Uhnder, an Austin, Texas-based startup, is the first to roll out a single-chip radar solution that it claims is roughly 100X less expensive than LiDAR, based on a 28nm RF process. This is the just the beginning of what ultimately will drive this and other safety-critical sensing technology into many more markets

“Radar has been in automotive since 1995,” said Manju Hegde, Uhnder’s CEO. “But the goal has been to put everything on a single chip. If you take an analog approach, you are linearly modulating chirps. But if you can make that happen in digital, you can have digital code modulation. And once you’re doing digital modulation, the analog portion becomes much simpler.”

Uhnder’s chip is a uses a 28nm RF process with a fast DAC and ADC, fixed-function configurable pipelines, and a CPU subsystem that uses DSPs and a variety of Arm cores.

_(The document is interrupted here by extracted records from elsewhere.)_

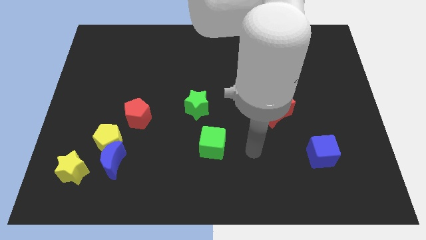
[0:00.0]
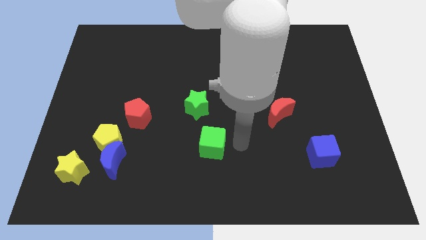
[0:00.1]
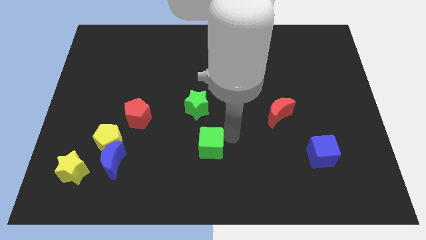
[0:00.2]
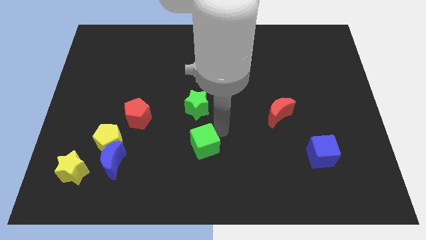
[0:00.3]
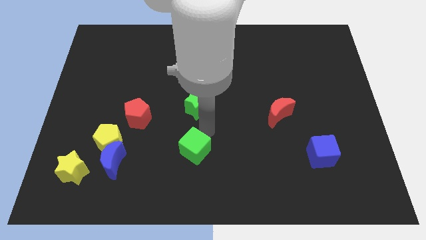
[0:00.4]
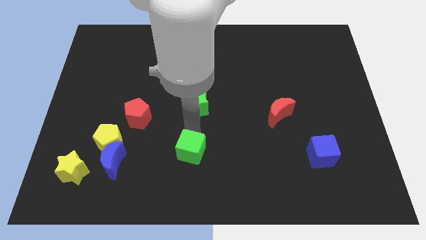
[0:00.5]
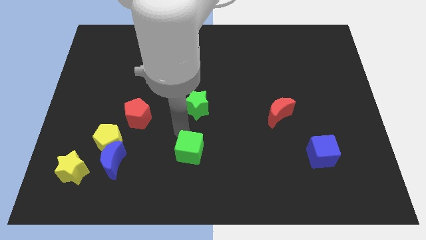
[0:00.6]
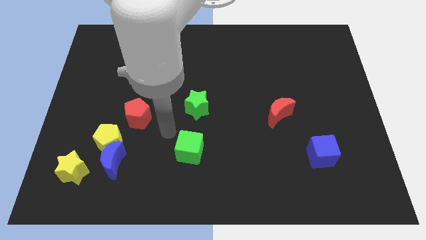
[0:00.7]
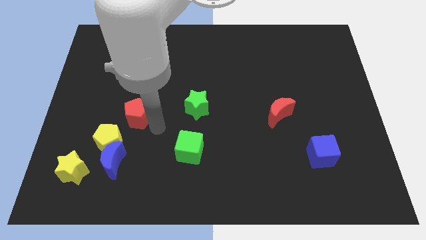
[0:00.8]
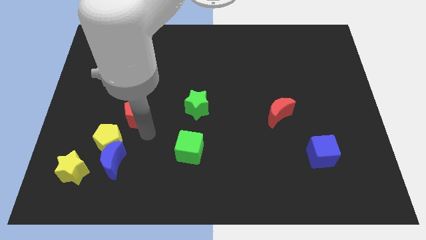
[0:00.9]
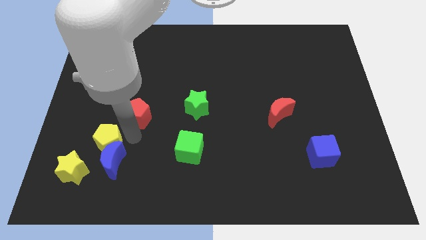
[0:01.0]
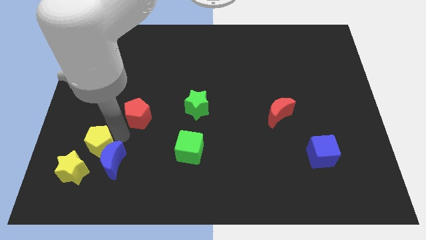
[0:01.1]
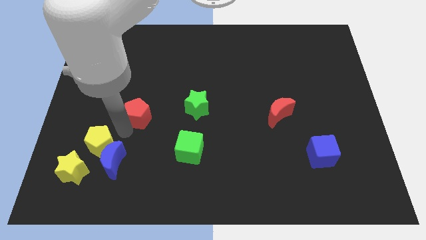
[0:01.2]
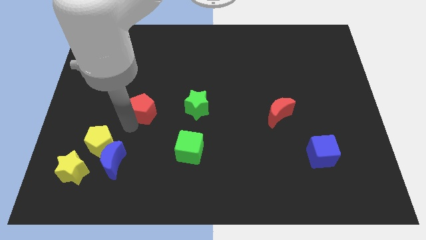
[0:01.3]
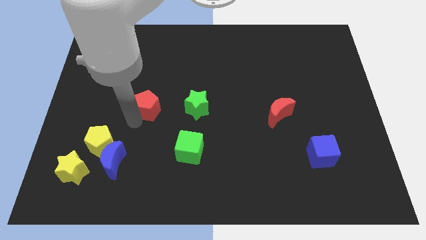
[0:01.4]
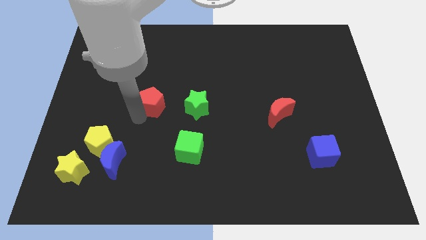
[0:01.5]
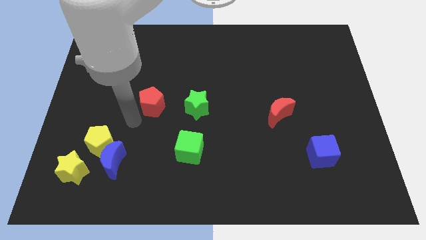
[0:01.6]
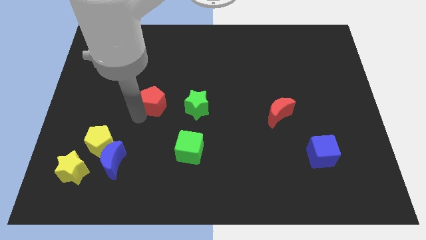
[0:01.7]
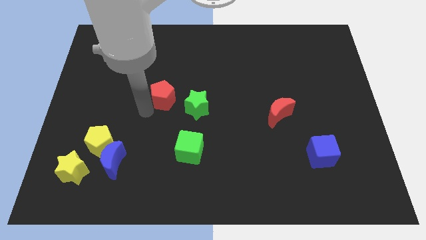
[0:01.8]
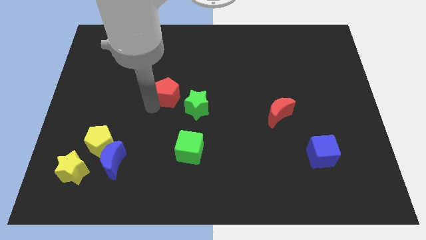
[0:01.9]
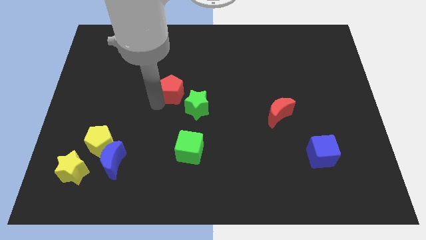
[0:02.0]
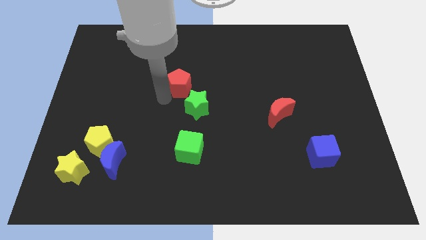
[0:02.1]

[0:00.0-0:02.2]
push the red pentagon above the green star

“From day one, the goal was a very tight cost target,” said Curtis Davis, COO at Uhnder. “We have a lot of interest from automotive OEMs for 2022 production and later. When you get to level 2 (ADAS) with a lane-change assistant, all of the OEMs will be doing at least three radars per car. Some will have six radars. By the time you get to Level 4, you will have all of that plus LiDAR in front. If there’s a piece of dry plastic or wood in front of a vehicle, you want to be able to see that at 135 meters so you have enough time to react. A camera will not pick that up. So you will need multiple devices, overlapping coverage, and more sensors.”

There has been much talk over the past year about single-chip radar and LiDAR solutions, as well as multi-chip solutions in advanced packaging. What wasn’t clear, though, was that radar can be scaled. Two chips are better than one, according to Hegde, and that can be used to improve resolution and speed of results, which means more data can be analyzed at the source than with analog systems.

“What we’re heading toward is cognitive radar,” said Hegde. “You want to determine the extent of the objects, so this also can go into other cognitive features in a car.”

All of these efforts are expected to drive down the cost of this technology at a rapid pace. With six radar systems in a car, that very quickly adds up to millions of these chips per year. Now the question is what else gets cut from the bill of materials as more of these technologies begin to follow classical scaling approaches.


Fig. 1: Radar can detect traffic as well as objects in the road, an accident, and a stalled car in the tunnel while traveling at highway speeds. Source: Uhnder

Radar has a storied history dating back to its development in the 1930s. At the outbreak of World War II, it was used to identify German bombers heading toward Great Britain in what became known as the Battle of Britain. Its use in the automotive sector is more recent, but it is only in the past few years that this effort has really kicked into high gear. There are multiple types of radar, ranging from Imec’s 140 GHz technology to imaging radar, which is used to generate 2D and 3D images. But the ability to put everything on a single chip is a big step forward, and it could have broad implications in coming years for how and where this technology is deployed.